Out of everyone’s perception, threat modelling, a lot of technical officers who did technical vulnerability management found it difficult to master, because they thought it could be as easy as carrying out the following step. For implement effective threat modeling methodologies that work for your company, it is not purely technical process, but you need to have the better understanding of what your company business is, so you can have better definition and classification and identification of the valuable asset you want to prioritize protect them for your risk management policy, before threat modeling is follow. In this post we will mention the five most used methodologies in threat modeling. Each of them have specific goals, and each of them have a different way to work with threats. Below a brief of each methodology is mentioned.
STRIDE Threat Model
STRIDE stands for Spoofing, Tampering, Repudiation, Information disclosure, Denial of Service (DoS), and Elevation of privilege. A methodology developed by Microsoft used to categorize threats. It identifies six types of threats, which is what it stands for. It’s more for security experts, but it well serves as the framework for you to gather your own company assets and based on them to discover what kind of threat is likely to be related to your own context.

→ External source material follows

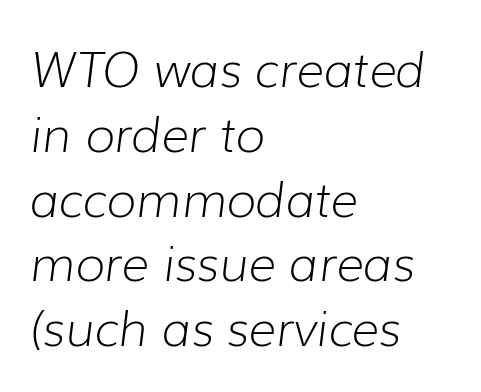
{"italic": "yes", "lean": "right", "slant_degrees": 7, "bold": "no", "weight": "light", "width": "normal", "stroke_contrast": "low", "x_height": "medium", "monospaced": "no", "underline": "no", "align": "left", "line_spacing": "normal", "line_spacing_ratio": 1.35, "letter_spacing": "normal", "letter_spacing_em": 0.0, "glyph_px": 48}
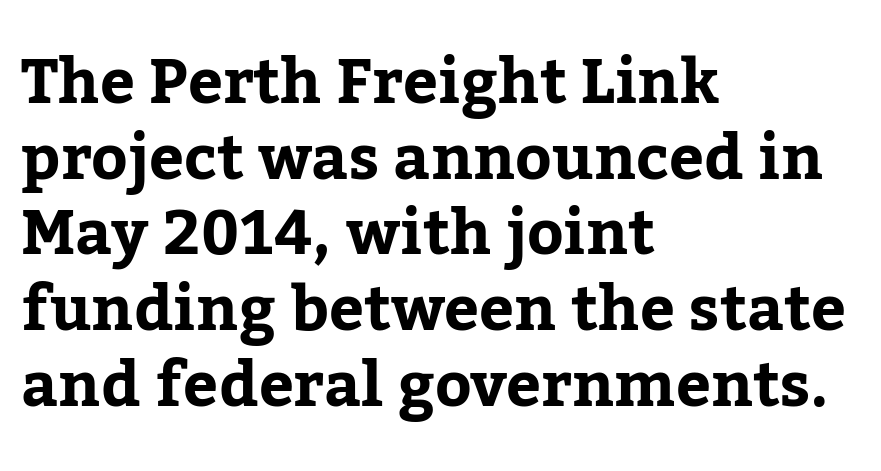
A student would call this left alignment; a typographer would say flush left, rag right. A clean baseline with only descenders dipping below it. Words appear dense and cohesive because spacing is normal. A dark, heavy texture on the line: the type is bold. Look at the bottom of the vertical strokes: they flare into serifs here. The letters stand straight up with perfectly vertical stems.

- Spoofing: Pretending to be someone else
- Tampering: Modifying data you shouldn’t modify
- Repudiation: Deny Something you did
- Information disclosure: To see information that you don’t have the permission to see
- Denial of Service (DoS): Compromising the availability
- Elevation of privilege: A user or program done things technically that they shouldn’t do
VAST Threat Model
VAST Stand for Visual, Agile, and Simple Threat modeling. In this methodology, anyone can use it even if they are not an expert in security. It is suitable as the framework for beginners but also serves well for other purposes, as long as you get the fundamental right, discover and identify assets, and prioritize them correctly first, before applying threat modelling.
Trike Threat Model
Trike focuses on cybersecurity risk management. Is an open source threat modeling. Trike is for small information systems. Also, Trike uses a Data Flow Diagram (DFD) to view how the data flow in the information system.
OCTAVE Threat Model
OCTAVE stands for Operationally Critical Threat, Asset, and Vulnerability Evaluation. Developed at Carnegie Mellon by Software Engineering institute (SEI). This methodology is designed for small organizations and focuses on non-technical risk.
PASTA
PASTA is short for Process for Attack Simulation and Threat Analysis. PASTA is a methodology that uses “if I would the attacker” to identify threats and risk analysis. To use PASTA, training is required to do it successfully. It is helpful to use this framework for offensive and ethical hacking, since it focuses on penetrating the target.
Summary
In this post you get knowledge about the five most used methodologies in threat modeling. These five methodologies are STRIDE, VAST, Trike, OCTAVE, and PASTA. Note in the market that more than 5 threat models exist, here we are just to make it short enough to be a blog post. Whatever model you are use as your based framework, remember to adopt it or customized for your very own business context, it is in particular important to to the steps before threat modeling right: discover, identified and pritoized valuable asset, and have the risk management policy in place to guide the rest of the process.